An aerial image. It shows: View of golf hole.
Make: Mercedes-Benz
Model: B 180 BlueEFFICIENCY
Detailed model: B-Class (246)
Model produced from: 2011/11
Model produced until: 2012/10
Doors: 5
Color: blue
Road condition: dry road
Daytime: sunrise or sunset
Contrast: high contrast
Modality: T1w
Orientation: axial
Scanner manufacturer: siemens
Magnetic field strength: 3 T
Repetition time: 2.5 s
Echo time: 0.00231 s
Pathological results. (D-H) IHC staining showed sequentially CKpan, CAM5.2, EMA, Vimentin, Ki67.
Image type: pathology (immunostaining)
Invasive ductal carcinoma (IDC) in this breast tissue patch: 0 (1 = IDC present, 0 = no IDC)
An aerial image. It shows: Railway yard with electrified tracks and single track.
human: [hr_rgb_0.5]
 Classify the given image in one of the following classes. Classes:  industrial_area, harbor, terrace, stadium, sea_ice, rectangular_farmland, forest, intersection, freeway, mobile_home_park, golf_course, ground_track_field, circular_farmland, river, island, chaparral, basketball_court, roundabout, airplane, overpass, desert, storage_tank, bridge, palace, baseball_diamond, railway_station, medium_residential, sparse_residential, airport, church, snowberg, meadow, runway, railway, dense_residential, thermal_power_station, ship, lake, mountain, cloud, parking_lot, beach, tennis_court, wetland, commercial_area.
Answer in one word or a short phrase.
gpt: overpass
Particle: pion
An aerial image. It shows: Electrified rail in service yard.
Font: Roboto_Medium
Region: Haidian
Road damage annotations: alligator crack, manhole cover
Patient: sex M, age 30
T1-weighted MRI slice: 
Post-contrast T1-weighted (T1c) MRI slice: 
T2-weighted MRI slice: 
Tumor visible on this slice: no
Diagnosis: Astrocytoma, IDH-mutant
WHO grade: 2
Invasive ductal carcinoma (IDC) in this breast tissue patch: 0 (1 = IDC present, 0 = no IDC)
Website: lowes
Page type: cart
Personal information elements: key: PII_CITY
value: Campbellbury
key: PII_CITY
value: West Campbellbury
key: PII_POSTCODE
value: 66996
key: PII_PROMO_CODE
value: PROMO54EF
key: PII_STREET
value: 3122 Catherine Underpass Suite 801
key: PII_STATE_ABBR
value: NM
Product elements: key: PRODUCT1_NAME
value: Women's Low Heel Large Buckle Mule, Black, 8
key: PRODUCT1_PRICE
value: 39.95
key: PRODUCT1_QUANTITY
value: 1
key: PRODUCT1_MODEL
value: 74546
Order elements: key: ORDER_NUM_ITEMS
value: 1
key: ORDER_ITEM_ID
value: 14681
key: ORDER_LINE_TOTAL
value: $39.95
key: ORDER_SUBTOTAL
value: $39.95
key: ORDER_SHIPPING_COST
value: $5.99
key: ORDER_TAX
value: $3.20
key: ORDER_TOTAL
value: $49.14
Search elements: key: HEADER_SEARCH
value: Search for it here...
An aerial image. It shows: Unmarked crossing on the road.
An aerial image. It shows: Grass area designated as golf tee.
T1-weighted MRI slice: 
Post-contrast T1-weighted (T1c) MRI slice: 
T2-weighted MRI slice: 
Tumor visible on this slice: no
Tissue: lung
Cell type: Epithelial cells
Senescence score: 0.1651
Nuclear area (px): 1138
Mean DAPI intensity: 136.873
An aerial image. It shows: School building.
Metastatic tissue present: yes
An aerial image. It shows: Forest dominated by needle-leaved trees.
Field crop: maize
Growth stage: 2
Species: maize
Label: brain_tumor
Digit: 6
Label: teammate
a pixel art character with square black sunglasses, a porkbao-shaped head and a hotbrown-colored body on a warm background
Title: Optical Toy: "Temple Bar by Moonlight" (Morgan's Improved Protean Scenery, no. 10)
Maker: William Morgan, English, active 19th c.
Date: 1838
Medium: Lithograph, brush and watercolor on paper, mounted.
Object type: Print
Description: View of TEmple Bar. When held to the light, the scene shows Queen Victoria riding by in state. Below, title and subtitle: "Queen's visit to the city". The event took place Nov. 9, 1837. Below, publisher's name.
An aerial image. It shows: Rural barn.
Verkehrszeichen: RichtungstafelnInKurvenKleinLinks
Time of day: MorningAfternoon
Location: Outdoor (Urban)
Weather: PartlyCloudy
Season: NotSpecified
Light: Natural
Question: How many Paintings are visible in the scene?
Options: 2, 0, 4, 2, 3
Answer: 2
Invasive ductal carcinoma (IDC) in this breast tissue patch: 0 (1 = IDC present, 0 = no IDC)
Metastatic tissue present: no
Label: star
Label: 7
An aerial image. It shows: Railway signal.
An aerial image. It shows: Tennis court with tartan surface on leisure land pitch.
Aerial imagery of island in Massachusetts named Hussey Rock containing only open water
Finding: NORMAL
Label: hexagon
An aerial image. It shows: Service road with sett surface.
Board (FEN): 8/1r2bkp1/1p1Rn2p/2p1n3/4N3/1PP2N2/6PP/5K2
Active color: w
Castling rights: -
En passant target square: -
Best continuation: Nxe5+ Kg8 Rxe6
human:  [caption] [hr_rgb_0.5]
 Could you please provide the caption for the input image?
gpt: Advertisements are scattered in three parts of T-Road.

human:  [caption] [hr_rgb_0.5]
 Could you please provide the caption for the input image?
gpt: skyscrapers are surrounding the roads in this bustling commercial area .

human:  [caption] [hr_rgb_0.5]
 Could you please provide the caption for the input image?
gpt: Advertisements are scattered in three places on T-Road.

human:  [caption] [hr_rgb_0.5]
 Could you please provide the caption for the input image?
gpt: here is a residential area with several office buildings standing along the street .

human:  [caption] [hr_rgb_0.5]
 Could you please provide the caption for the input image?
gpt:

■ Problem
Reproduce only the lines above, starting at the line with "human: [hr_rgb_0.5]" and ending at the line with "WHO grade: 2", exactly as written.

■ Solution to the problem
human: [hr_rgb_0.5]
 Classify the given image in one of the following classes. Classes:  industrial_area, harbor, terrace, stadium, sea_ice, rectangular_farmland, forest, intersection, freeway, mobile_home_park, golf_course, ground_track_field, circular_farmland, river, island, chaparral, basketball_court, roundabout, airplane, overpass, desert, storage_tank, bridge, palace, baseball_diamond, railway_station, medium_residential, sparse_residential, airport, church, snowberg, meadow, runway, railway, dense_residential, thermal_power_station, ship, lake, mountain, cloud, parking_lot, beach, tennis_court, wetland, commercial_area.
Answer in one word or a short phrase.
gpt: overpass
Particle: pion
An aerial image. It shows: Electrified rail in service yard.
Font: Roboto_Medium
Region: Haidian
Road damage annotations: alligator crack, manhole cover
Patient: sex M, age 30
T1-weighted MRI slice: 
Post-contrast T1-weighted (T1c) MRI slice: 
T2-weighted MRI slice: 
Tumor visible on this slice: no
Diagnosis: Astrocytoma, IDH-mutant
WHO grade: 2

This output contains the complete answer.